Global Pharmacovigilance (GPV) is an operating department within Global Quality & Compliance of Apotex. The GPV department is involved in the processing and submission of adverse drug reaction reports production of periodic safety reports, signal detection and risk management to support the development and commercialisation of Apotex products in the markets in which we do business, in compliance with pharmacovigilance (PV) regulations & relevant ICH guidelines.

Performs oversight quality check activities of global pharmacovigilance processes including but not limited to: ICSR review and processing; regulatory reporting; case document management; literature reviews. Occasionally helps with reviews of Individual case safety reports (ICSR) and submissions to regulatory authorities, as needed.

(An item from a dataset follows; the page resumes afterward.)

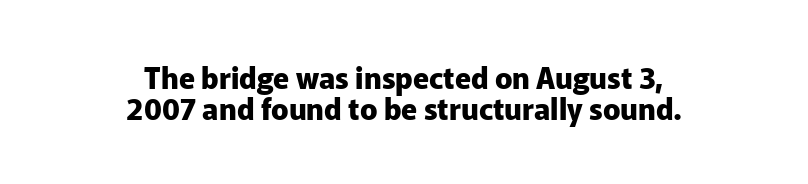
Every stem runs plumb, perpendicular to the baseline. The letters carry no serifs — their stems end cleanly without finishing strokes. Which margin do the lines hug? Neither — every line sits in the middle. The passage shown stacks its lines with hardly any gap.
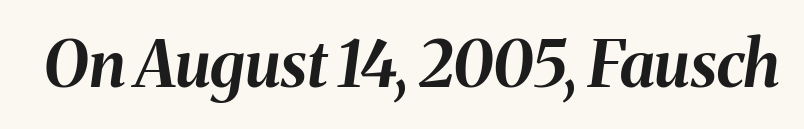
Stroke thickness is high; the sample reads as a true bold. Does the lettering tilt? It does — this is italic. The line texture is even and compact thanks to regular tracking. Here the designer chose a conventional face with non-uniform glyph widths.

Interacts with internal (Global Business Services, Regulatory Affairs, Apotex Affiliates) and external customers (vendors) in relation to Pharmacovigilance process compliance.

• Performs secondary review of determined percentage of completed ICSRs to ensure they have been processed, reviewed and submitted in accordance with Global Pharmacovigilance procedures and regulatory requirements.

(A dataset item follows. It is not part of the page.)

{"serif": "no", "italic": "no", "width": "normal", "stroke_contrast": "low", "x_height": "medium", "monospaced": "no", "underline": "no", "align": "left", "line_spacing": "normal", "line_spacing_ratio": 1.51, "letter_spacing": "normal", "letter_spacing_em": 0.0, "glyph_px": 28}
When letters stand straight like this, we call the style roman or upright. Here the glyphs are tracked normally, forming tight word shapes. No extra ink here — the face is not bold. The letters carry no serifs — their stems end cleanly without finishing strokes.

• Performs applicable activities to support the Apotex Quality Management System, including oversight review of predetermined activities undertaken by vendors and Global Business Support function.

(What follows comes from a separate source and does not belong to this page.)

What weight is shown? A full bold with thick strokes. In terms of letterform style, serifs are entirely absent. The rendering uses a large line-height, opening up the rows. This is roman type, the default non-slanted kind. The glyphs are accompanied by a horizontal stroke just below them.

• Assists in the review and oversight of ICSR submissions undertaken by the Global Business Support Team as required to ensure compliance targets are not missed.
• Responds to case processing queries as raised by the Vendor.
• Manages and repsonds to ATI requests received from Legal
• Provides back up to Manager, Vendor Oversight and Safety Operations in their absence.
• Contributes to process improvement initiatives in consultation with management.
• Maintains user-level knowledge of Oracle ARGUS safety database and MedDRA terminology, as well as applicable supporting applications.
• Contributes to the creation and promotion of an environment of teamwork ensuring excellence in customer service through the timely delivery of quality drug safety data.
• Develops strong relationships with external partners, and international Apotex affiliates and demonstrates corporate values in the performance of work and in all interactions with others.
• Interact with other internal/external departments and third party vendors when necessary.
• Contributes to interpretation of PV regulations and applies sound decisions related to regulatory guidelines and policies.
• Shows initiative to remain current on new PV regulations and international guidelines and seeks guidance from management to enhance knowledge.
• Performs all work in accordance with all established ICH guidelines, regulatory compliance and safety requirements and maintains current knowledge on all relevant Pharmacovigilance regulations.
• Works in a safe manner collaborating as a team member to achieve all outcomes.
• Demonstrate Behaviours that exhibit our organizational Values: Collaboration, Courage, Perseverance, and Passion.
• Ensure personal adherence with all compliance programs including the Global Business Ethics and Compliance Program, Global Quality policies and procedures, Safety and Environment policies, and HR policies.
• All other relevant duties as assigned.

• Education
  • Ideally Health Care Professional (e.g. with medical, dental, pharmacy or nursing qualification) or have demonstrable experience within pharmacovigilance with a high level of medical knowledge.
• Knowledge, Skills and Abilities
  • Excellent detail orientated skills
  • Excellent technical & research skills
  • Excellent oral/written communication in English; bilingual preferred
  • Advanced knowledge of Microsoft office: Excel, PowerPoint, Word
  • Working Knowledge of safety databases, MedDRA coding convention
  • Excellent organizational & interpersonal skills; experience in working in a dynamic team environment
  • Knowledge of GMP, GCP, relevant PV regulations and ICH guidelines on safety data management in clinical trials and post-approval
• Experience
  • Minimum 4-5 years pharmaceutical industry experience preferably in a Pharmacovigilance role.